I've used sparse matrix everywhere, and scikit-multilearn also recommends to use data in the sparse form because it is very rare for a real-world data set to be dense. Generally, the number of labels assigned to each instance is very less.

Basically, there are three methods to solve a multi-label classification problem, namely:
Problem Transformation
Adapted Algorithm
Ensemble approaches

### Problem Transformation

This method will try to transform this multi-label problem into single-label problem(s). This method can be carried out in three different ways as:

Binary Relevance
Classifier Chains
Label Powerset

#### Binary Relevance
 Basically treats each label as a separate single class classification problem.

In [8]:
# using binary relevance
from skmultilearn.problem_transform import BinaryRelevance
from sklearn.naive_bayes import GaussianNB
from sklearn.metrics import accuracy_score

# initialize binary relevance multi-label classifier
# with a gaussian naive bayes base classifier
classifier = BinaryRelevance(GaussianNB())

# train
classifier.fit(X_train, y_train)

# predict
predictions = classifier.predict(X_test)

# This function calculates subset accuracy meaning the predicted set of labels should 
# exactly match with the true set of labels.
accuracy_score(y_test,predictions)

0.75757575757575757

#### Classifier Chains

In this, the first classifier is trained just on the input data and then each next classifier is trained on the input space and all the previous classifiers in the chain. 

In [9]:
# using classifier chains
from skmultilearn.problem_transform import ClassifierChain
from sklearn.naive_bayes import GaussianNB

# initialize classifier chains multi-label classifier
# with a gaussian naive bayes base classifier
classifier = ClassifierChain(GaussianNB())

# train
classifier.fit(X_train, y_train)

# predict
predictions = classifier.predict(X_test)

accuracy_score(y_test,predictions)

0.84848484848484851

#### Label Powerset

In this, we transform the problem into a multi-class problem with one multi-class classifier is trained on all unique label combinations found in the training data.

In [10]:
# using Label Powerset
from skmultilearn.problem_transform import LabelPowerset
from sklearn.naive_bayes import GaussianNB

# initialize Label Powerset multi-label classifier
# with a gaussian naive bayes base classifier
classifier = LabelPowerset(GaussianNB())

# train
classifier.fit(X_train, y_train)

# predict
predictions = classifier.predict(X_test)

accuracy_score(y_test,predictions)

0.81818181818181823

This gives us the highest accuracy among all the three we have discussed till now. The only disadvantage of this is that as the training data increases, number of classes become more. Thus, increasing the model complexity, and would result in a lower accuracy.

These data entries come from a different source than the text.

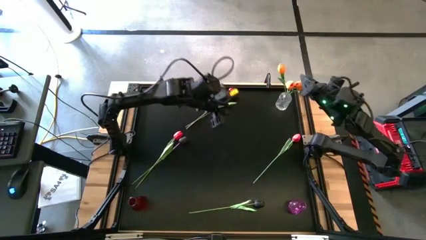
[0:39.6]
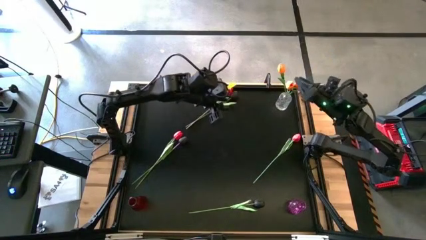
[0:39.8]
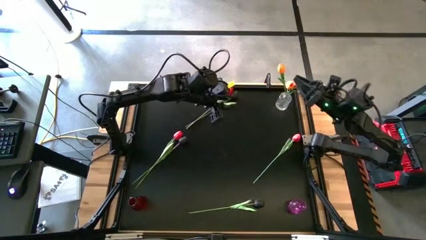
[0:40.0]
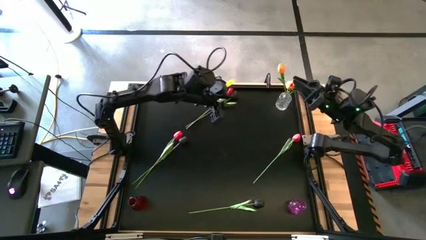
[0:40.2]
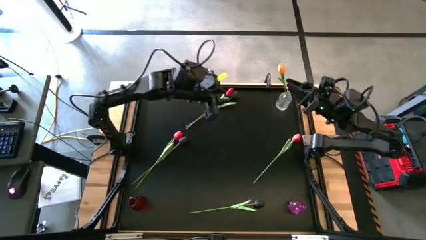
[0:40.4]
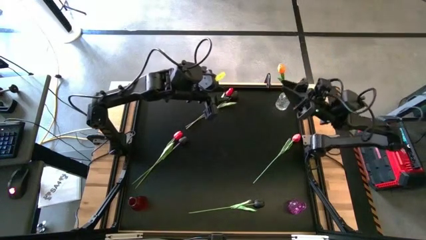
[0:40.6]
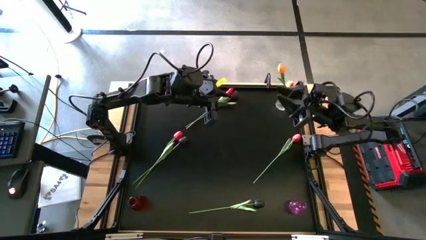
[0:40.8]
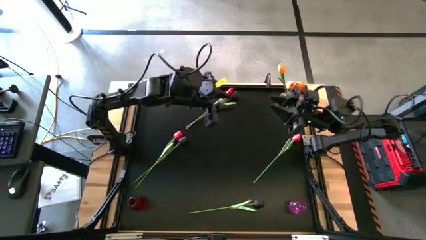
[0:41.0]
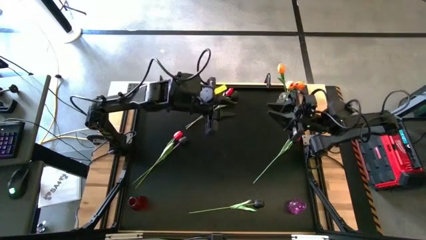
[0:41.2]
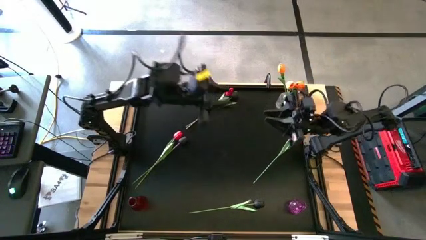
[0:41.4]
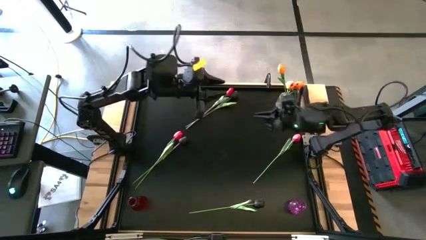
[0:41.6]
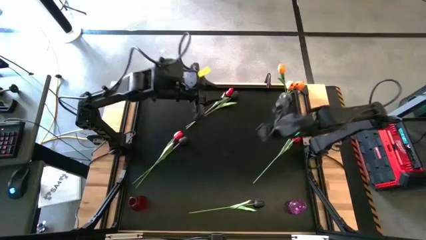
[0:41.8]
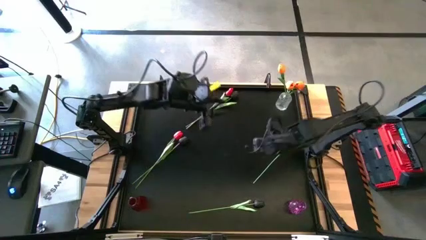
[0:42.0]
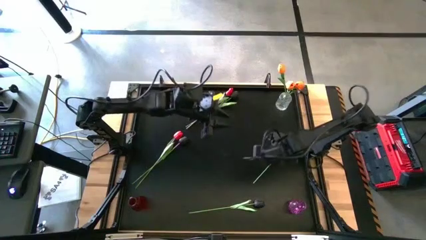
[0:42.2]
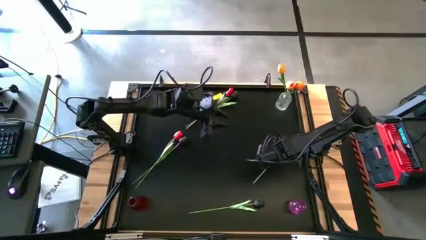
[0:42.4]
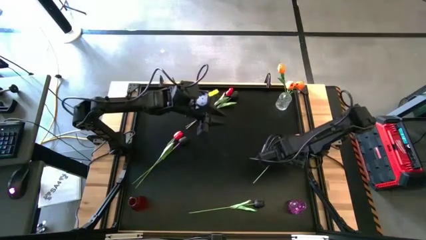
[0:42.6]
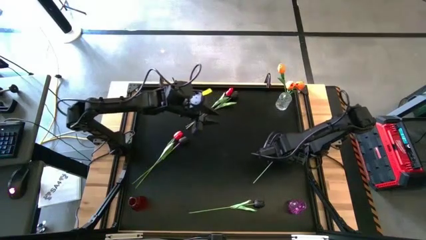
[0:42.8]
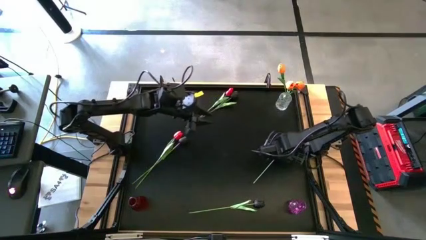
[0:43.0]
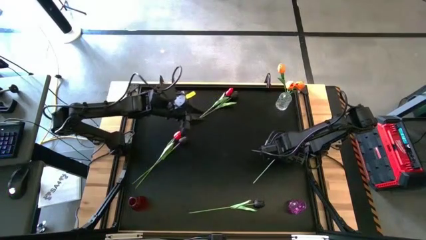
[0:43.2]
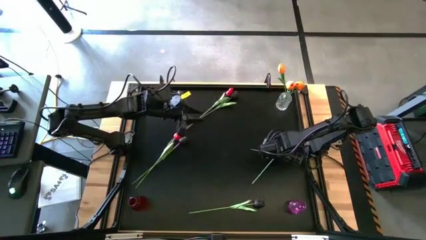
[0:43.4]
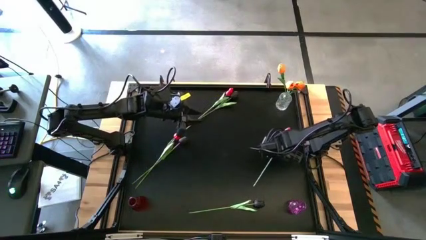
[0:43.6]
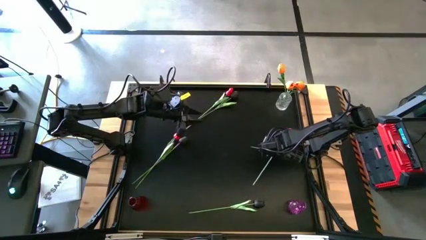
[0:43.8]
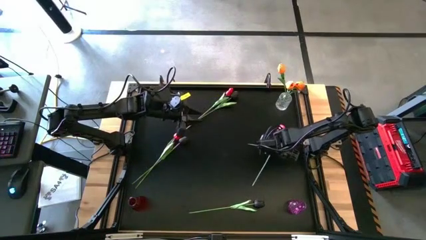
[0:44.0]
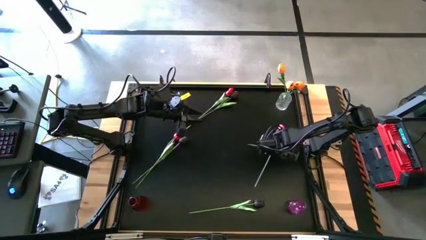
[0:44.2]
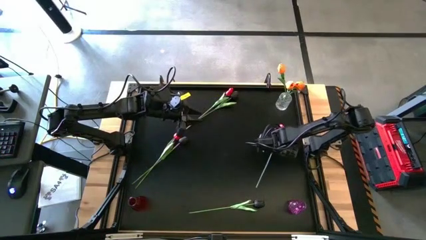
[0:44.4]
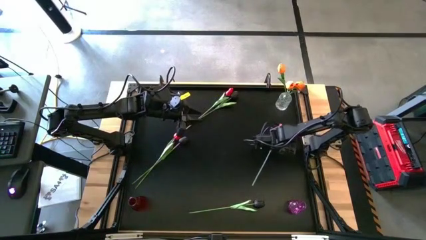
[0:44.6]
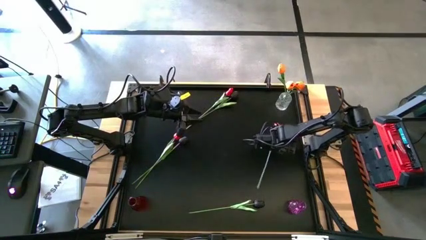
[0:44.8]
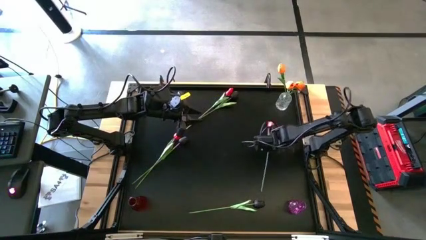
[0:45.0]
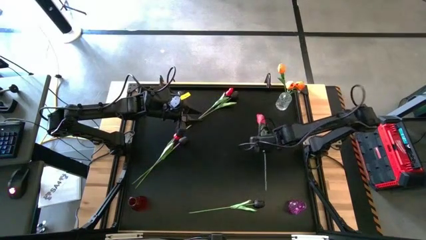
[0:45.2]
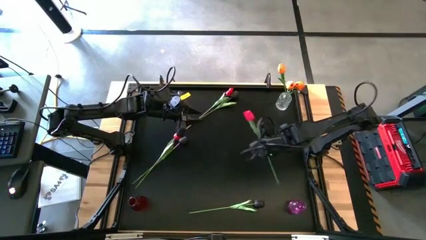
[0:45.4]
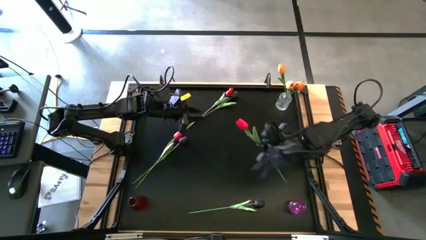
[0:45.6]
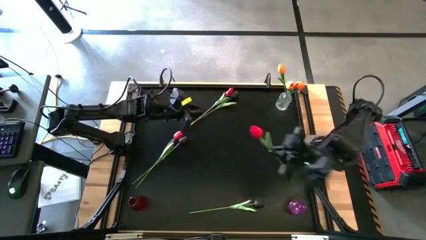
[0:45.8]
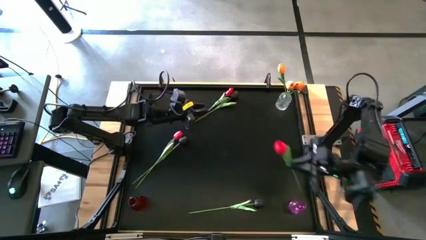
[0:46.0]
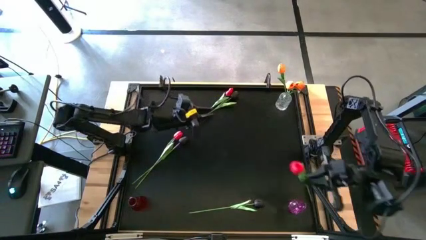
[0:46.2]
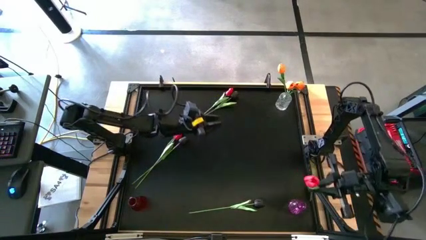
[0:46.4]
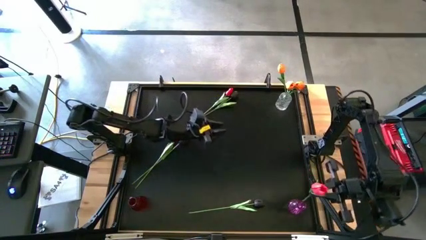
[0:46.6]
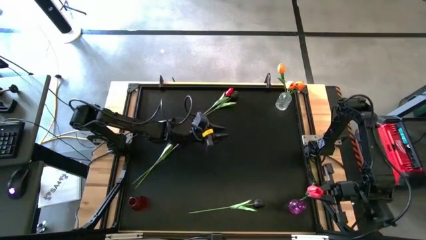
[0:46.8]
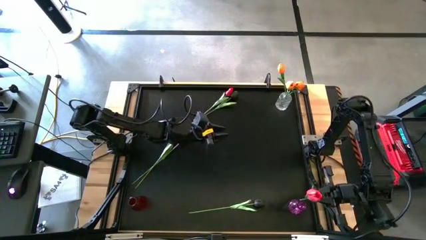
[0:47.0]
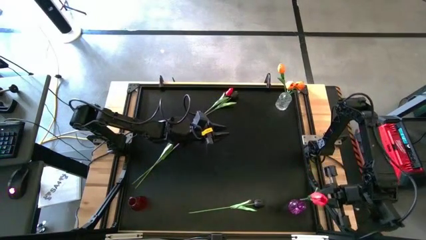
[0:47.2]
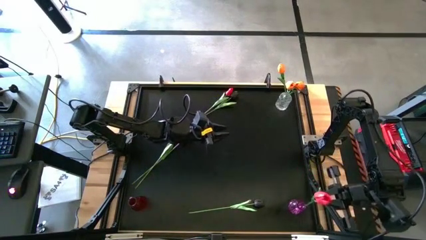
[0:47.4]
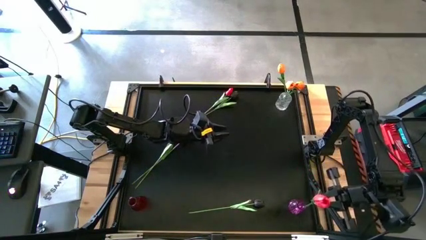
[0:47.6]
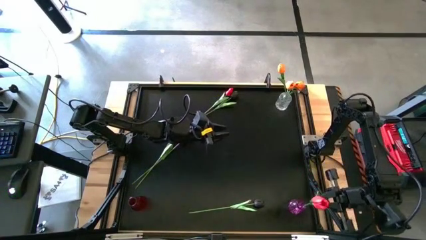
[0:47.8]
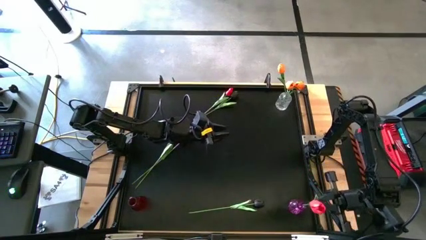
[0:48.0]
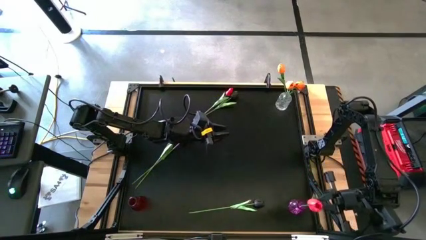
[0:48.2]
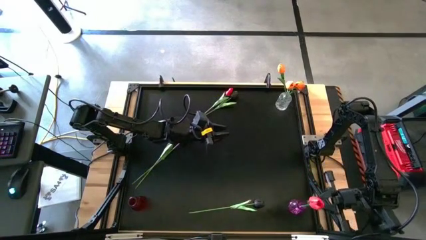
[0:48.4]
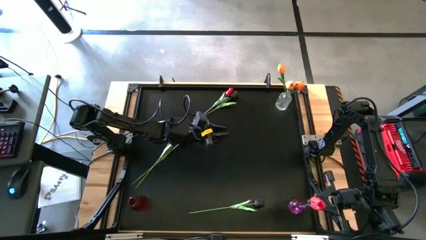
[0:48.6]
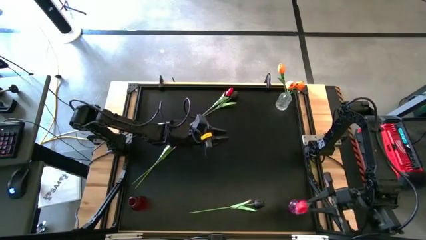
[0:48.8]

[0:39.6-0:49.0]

Now, let us look at the second method to solve multi-label classification problem.



## Adapted Algorithm

Adapted algorithm, as the name suggests, adapting the algorithm to directly perform multi-label classification, rather than transforming the problem into different subsets of problems. For example, multi-label version of kNN is represented by MLkNN. So, let us quickly implement this on our randomly generated data set.



In [11]:
from skmultilearn.adapt import MLkNN

classifier = MLkNN(k=20)

# train
classifier.fit(X_train, y_train)

# predict
predictions = classifier.predict(X_test)

accuracy_score(y_test,predictions)

0.81818181818181823

Sci-kit learn provides inbuilt support of multi-label classification in some of the algorithm like Random Forest and Ridge regression. So, you can directly call them and predict the output.